:: What is required ::
Produce a faithful copy of the data, one that leaves out the pictures.

--- Input records ---

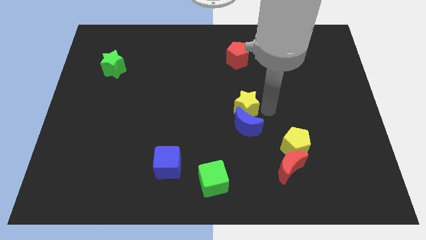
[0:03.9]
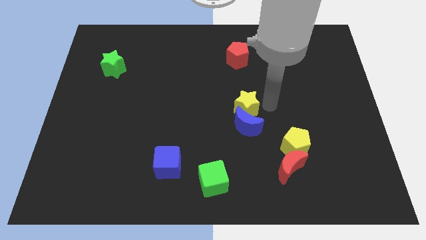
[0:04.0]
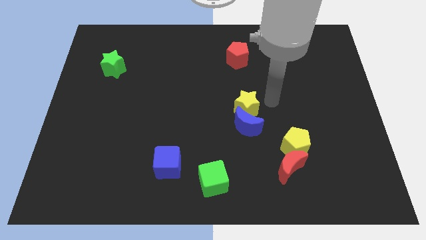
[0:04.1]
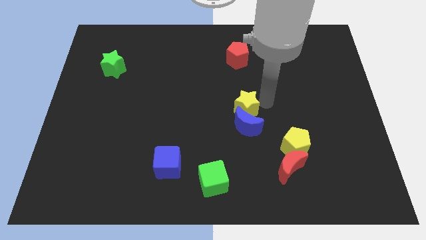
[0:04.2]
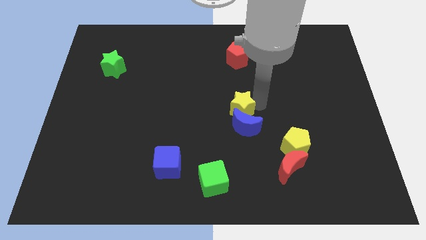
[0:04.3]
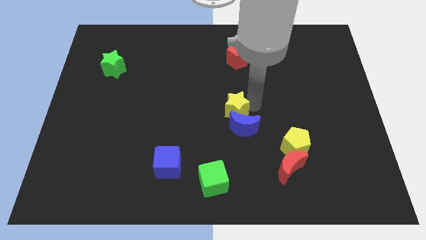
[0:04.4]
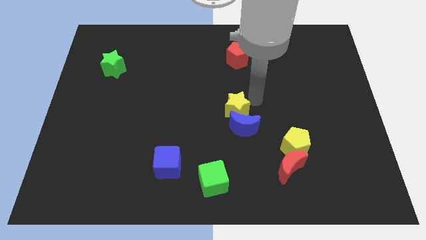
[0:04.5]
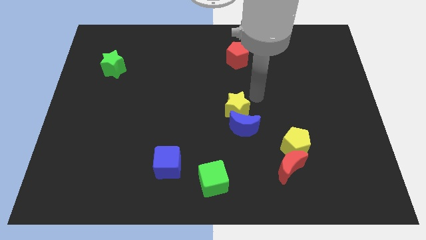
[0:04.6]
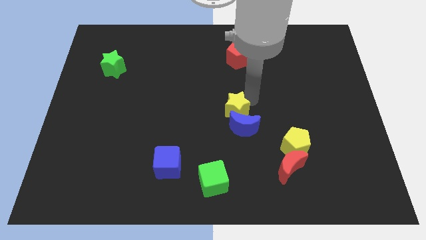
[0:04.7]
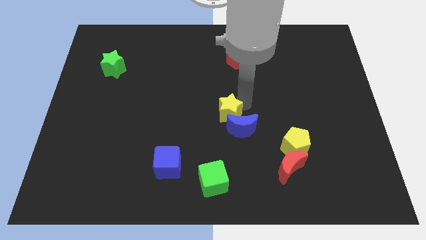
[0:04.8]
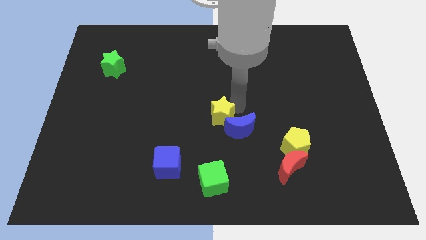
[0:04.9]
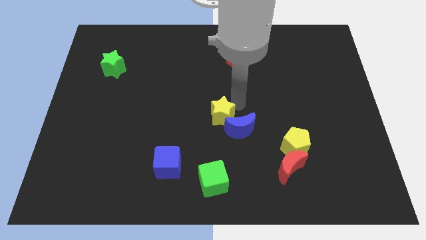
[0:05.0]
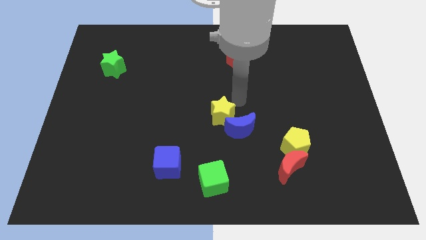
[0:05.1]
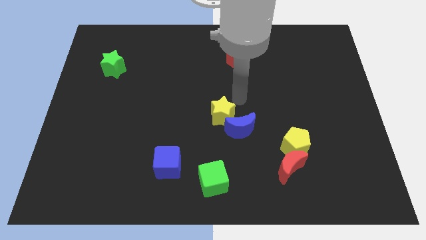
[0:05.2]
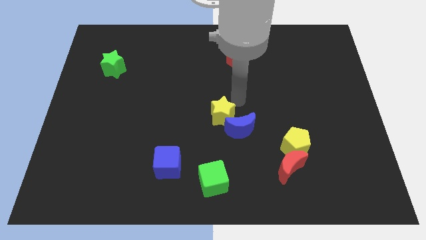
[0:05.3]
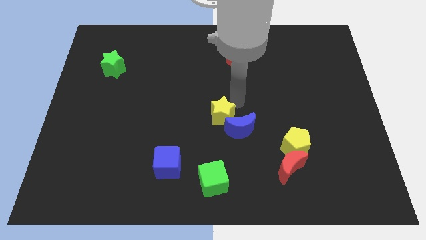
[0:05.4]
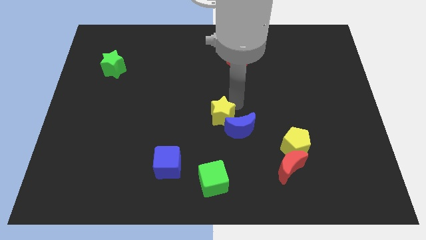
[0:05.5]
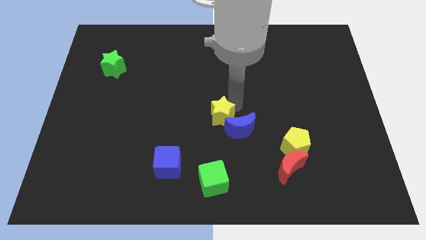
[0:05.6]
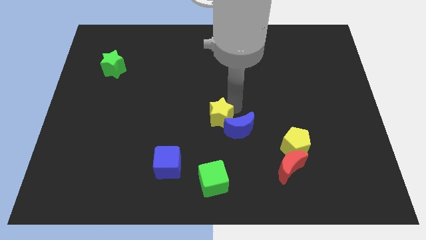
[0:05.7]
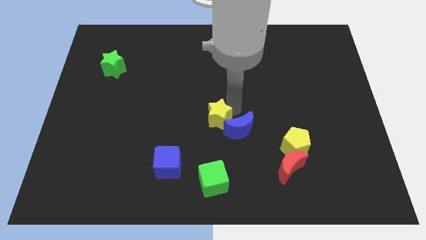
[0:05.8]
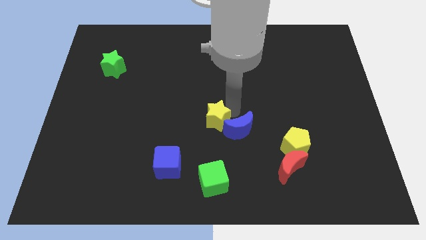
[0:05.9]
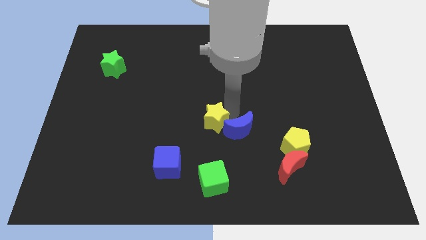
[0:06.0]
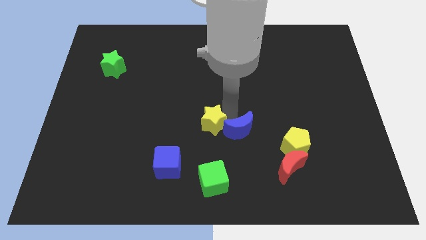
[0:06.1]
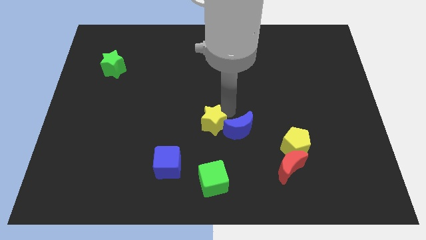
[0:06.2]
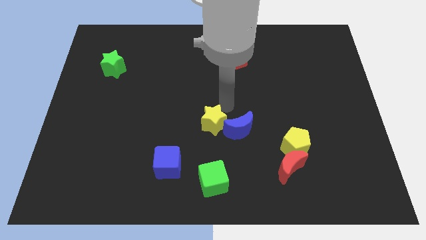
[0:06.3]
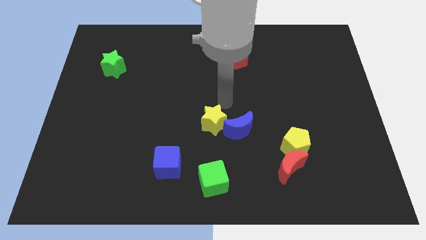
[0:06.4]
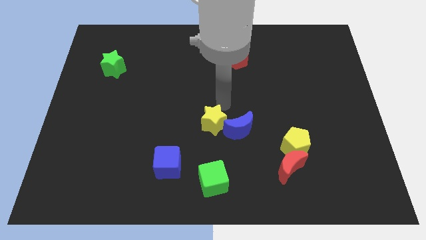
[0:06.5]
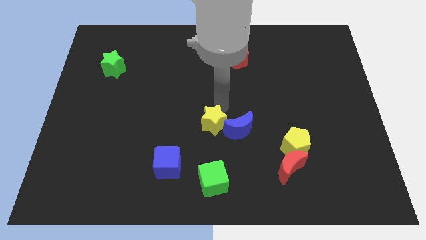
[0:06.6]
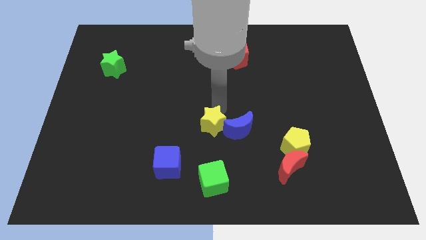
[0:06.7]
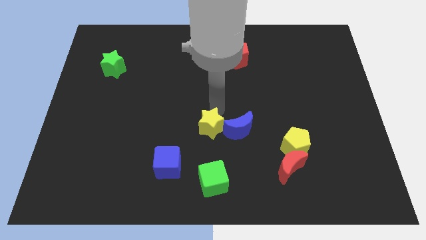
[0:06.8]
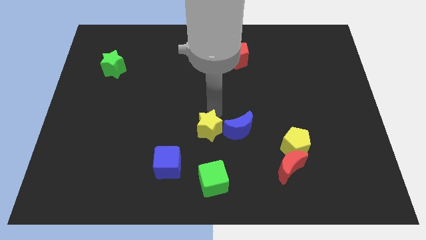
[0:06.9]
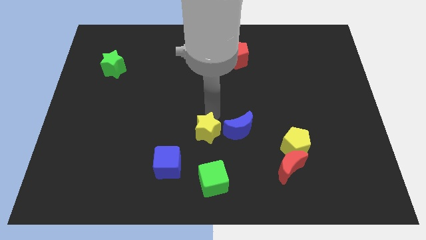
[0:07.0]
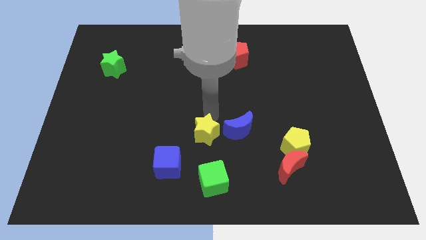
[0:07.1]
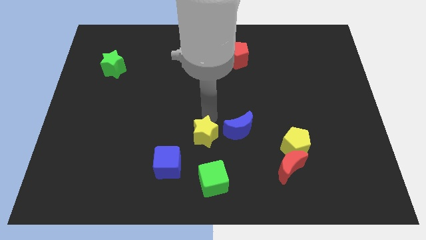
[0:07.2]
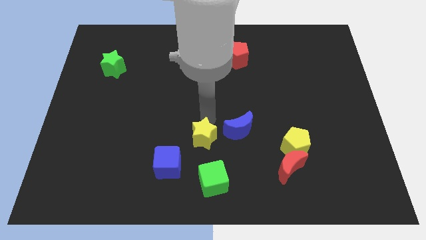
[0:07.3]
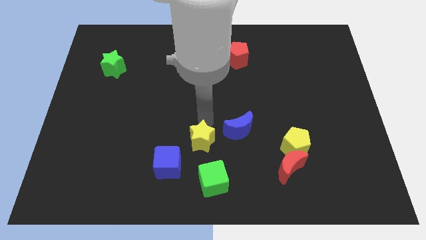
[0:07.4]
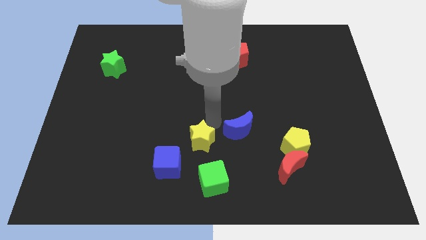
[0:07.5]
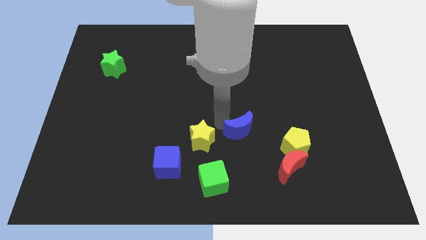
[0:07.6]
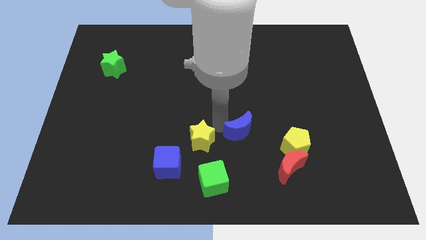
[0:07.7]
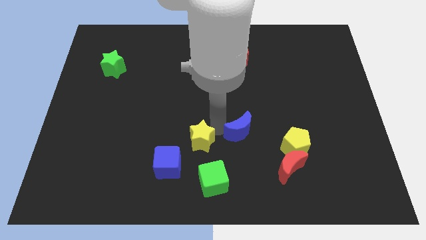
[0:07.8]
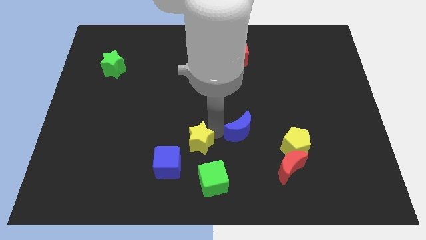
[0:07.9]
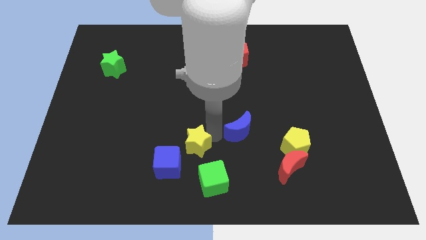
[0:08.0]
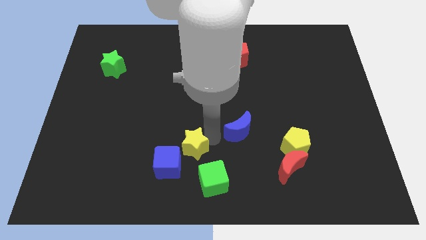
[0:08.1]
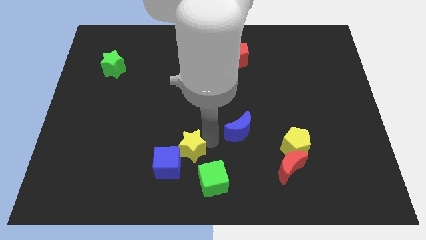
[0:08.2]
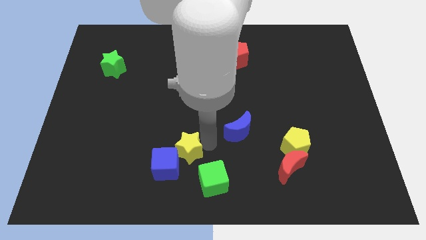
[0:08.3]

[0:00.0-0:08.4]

---

:: Answer to this problem ::
[0:03.9]
[0:04.0]
[0:04.1]
[0:04.2]
[0:04.3]
[0:04.4]
[0:04.5]
[0:04.6]
[0:04.7]
[0:04.8]
[0:04.9]
[0:05.0]
[0:05.1]
[0:05.2]
[0:05.3]
[0:05.4]
[0:05.5]
[0:05.6]
[0:05.7]
[0:05.8]
[0:05.9]
[0:06.0]
[0:06.1]
[0:06.2]
[0:06.3]
[0:06.4]
[0:06.5]
[0:06.6]
[0:06.7]
[0:06.8]
[0:06.9]
[0:07.0]
[0:07.1]
[0:07.2]
[0:07.3]
[0:07.4]
[0:07.5]
[0:07.6]
[0:07.7]
[0:07.8]
[0:07.9]
[0:08.0]
[0:08.1]
[0:08.2]
[0:08.3]

[0:00.0-0:08.4]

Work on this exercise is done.